**SOURCE RECORDS:**
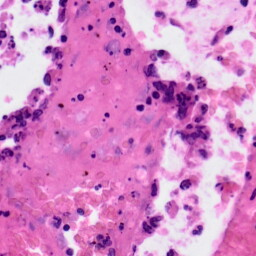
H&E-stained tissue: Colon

...

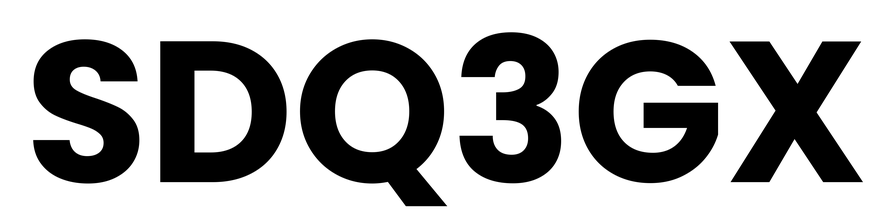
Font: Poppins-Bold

--

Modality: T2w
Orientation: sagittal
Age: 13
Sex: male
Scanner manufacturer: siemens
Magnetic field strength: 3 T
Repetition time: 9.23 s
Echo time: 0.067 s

**PROMPT:**
Using the data above, extract exactly the lines from the one that holds "Modality: T2w" to the one that holds "Echo time: 0.067 s", both ends included, and no others.

**RESPONSE TO THIS EXERCISE:**
Modality: T2w
Orientation: sagittal
Age: 13
Sex: male
Scanner manufacturer: siemens
Magnetic field strength: 3 T
Repetition time: 9.23 s
Echo time: 0.067 s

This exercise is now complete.